Running is one of the most popular ways to fit exercise into your routine. In 2017 alone, nearly 60 million Americans participated in some form of running1.

While the most popular reason for running is pretty broad – improving general fitness, running carries a variety of long and short-term, mental and physical benefits. Some of these are intuitive and well-known, while others might be new to you!

It’s safe to say – running is good for you.

Now let’s examine the major ways in which picking up the pace improves your health and wellbeing.

1. Running improves cardiovascular health

Running is useful for your heart health. 

High blood pressure is a common issue, which, if untreated, can lead to more serious problems, such as heart disease, heart attack, and stroke2.

If you’re looking to decrease your blood pressure as a preventative measure, you’ll benefit from regular running. However, if you’re already suffering from hypertension, you should run at a moderate effort and a restrained volume3.

Another good metric of your heart and overall health is your resting heart rate4.

A 2015 overview of studies has concluded that running is effective in lowering resting heart rate5. A lower resting heart rate is associated with a lower cardiac risk, longer lifespan, and better physical fitness.

Essentially, if you run regularly, you’re a lot less likely to suffer from heart issues than anyone who doesn’t.

2. Running improves mental health, cognitive ability, and sleep

Running has many benefits for your brain and your day-to-day cognitive functioning.

While anecdotally, many runners participate in the exercise to reach the so-called “runner’s high,” which is an elevated mental state some people experience after vigorous exercise, running actually has many benefits beyond the short-term explosion of dopamine.

Runners report mental and emotional benefits from running – relief of tension, improved self-image, better mood, and improved self-confidence.
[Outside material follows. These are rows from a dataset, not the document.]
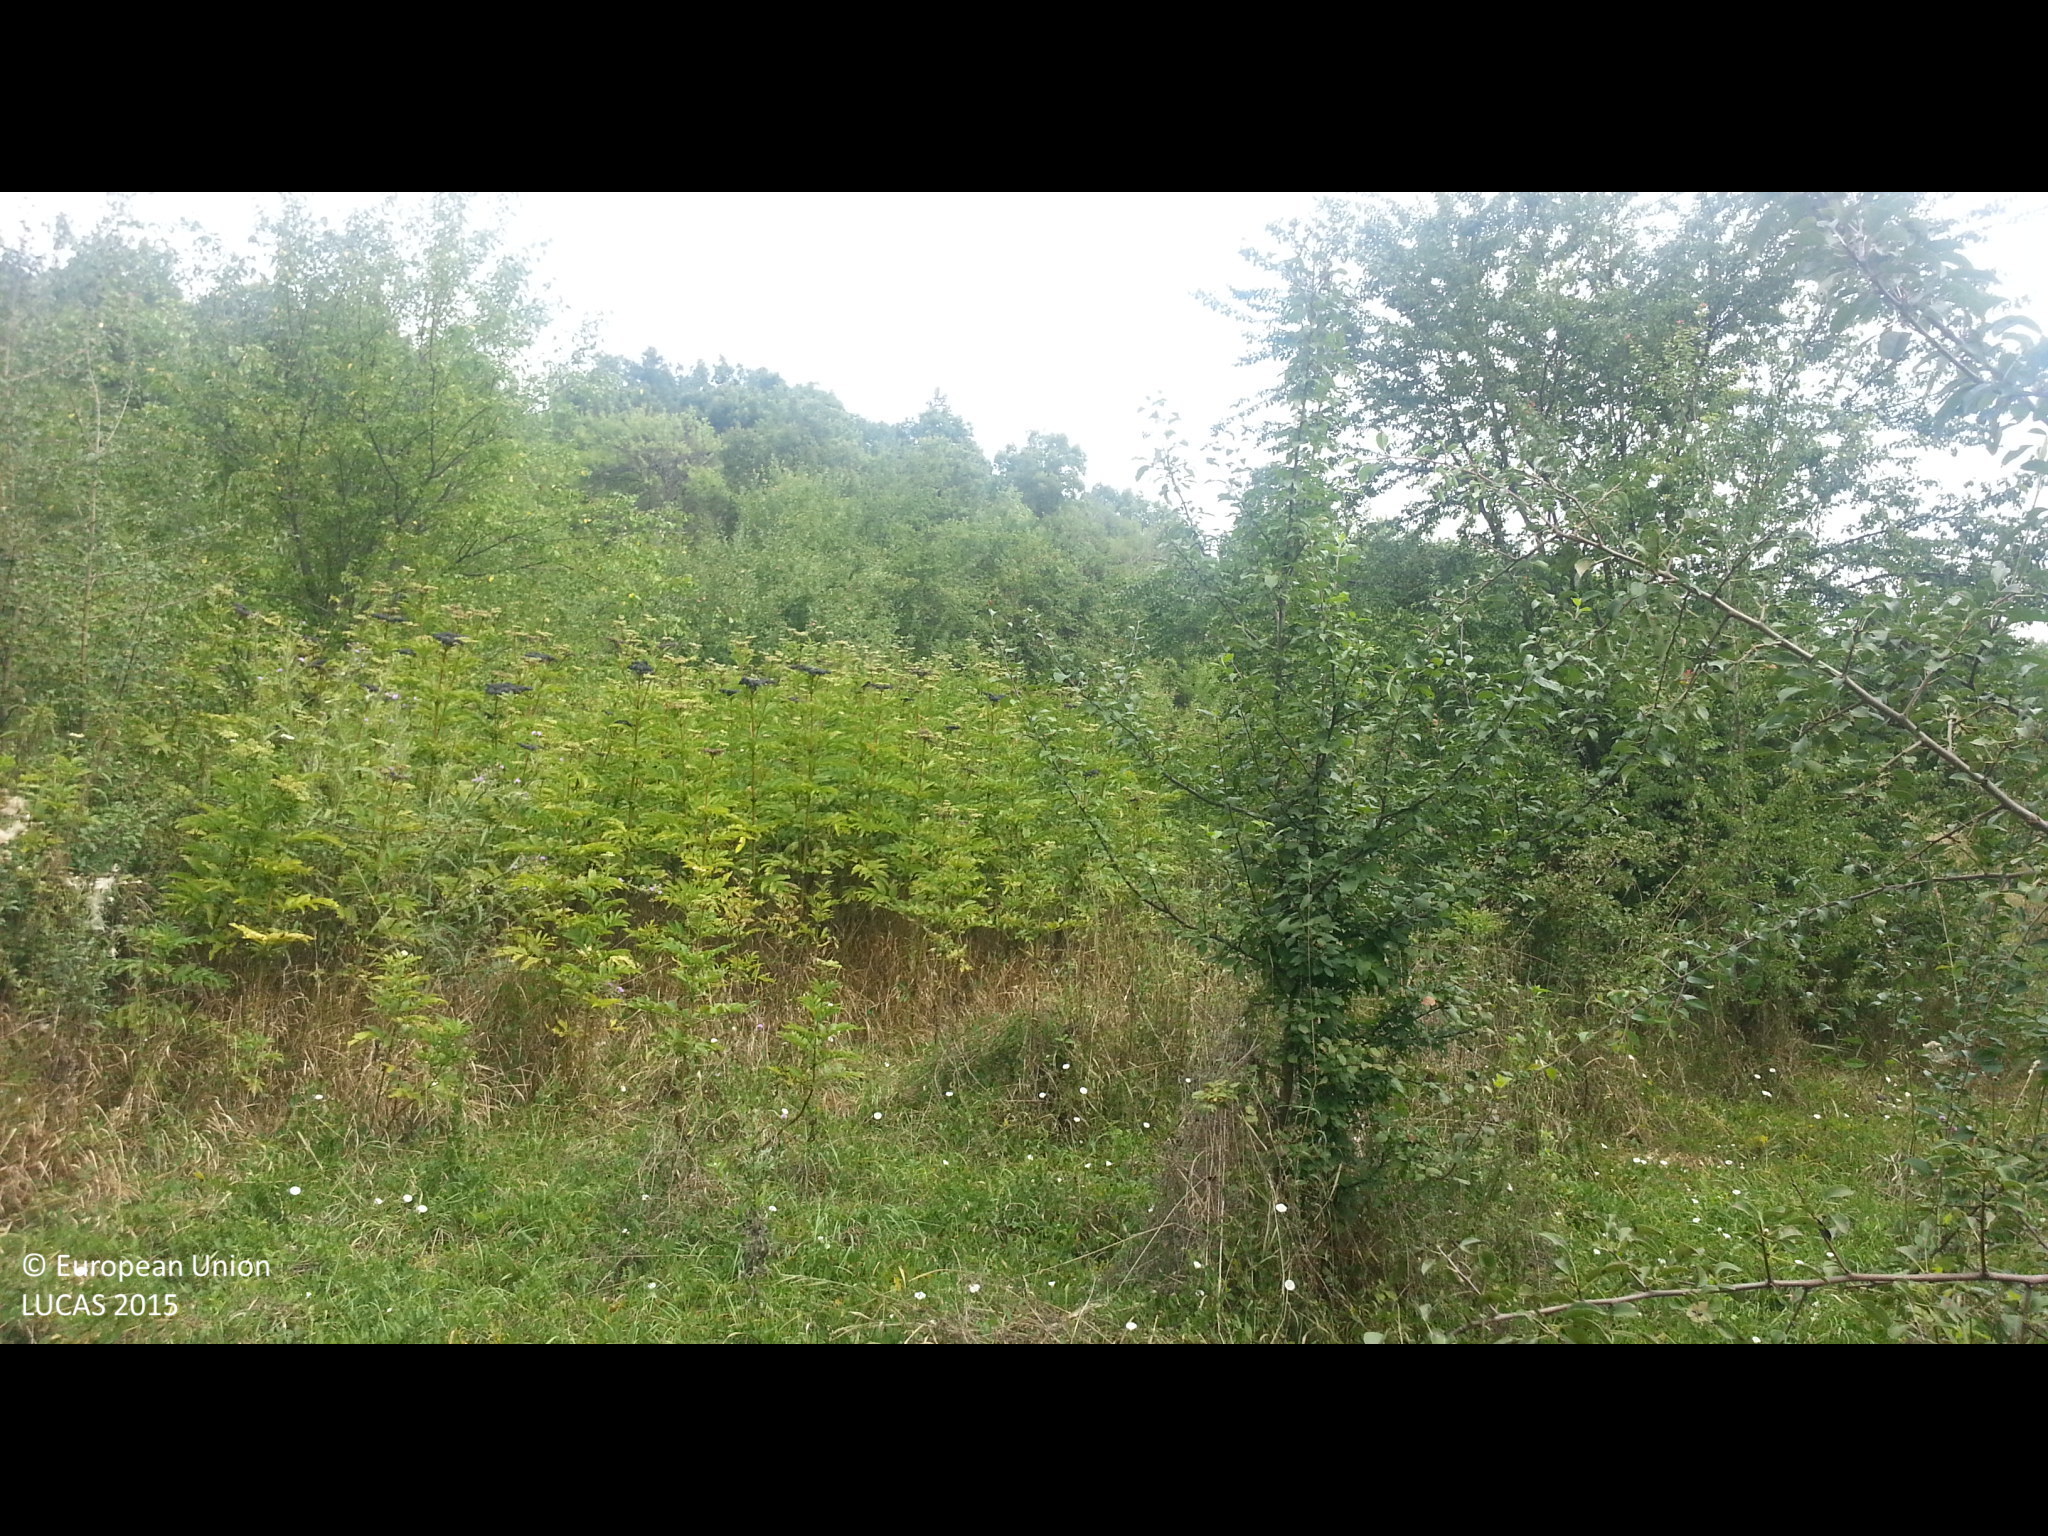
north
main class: Grassland
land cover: Grassland with sparse tree/shrub cover
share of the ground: > 75 %
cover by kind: herbaceous plants 85 %, shrubs 10 %, broadleaved forest trees 5 %
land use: Semi-natural and natural areas not in use
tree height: < 5 m
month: August
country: BG
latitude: 42.4020
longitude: 22.8180

A 2020 study concluded that running is a highly efficient tool in preventing and treating different psychological conditions.

Woman in jogging pants wearing headphones

To be more specific, running has been found to help maintain emotional stability and reduce symptoms of depression, including mental dullness7. Essentially, running makes your life more interesting!

But of course, running is not only a preventative measure for mental conditions – it helps you think clearer and faster too. Running, especially at high intensity, helps you create more connections between the nerves in your brain, helping you learn new things more easily8. And it helps your mind stay sharp for longer – so get really comfortable with the idea of running into old age if you want to stay mentally sharp for as long as you possibly can!

3. Running with an app helps create a habit of running

Running apps are more than just a fancy diary!

Running apps are an excellent way to build a habit of running. By providing accurate tracking, a clear timeline of progress that can be accessed at any point, and, in the case of some running apps like Joggo, providing helpful running plans that help build stamina and improve performance while helping people lose weight, they contribute to the growing number of runners.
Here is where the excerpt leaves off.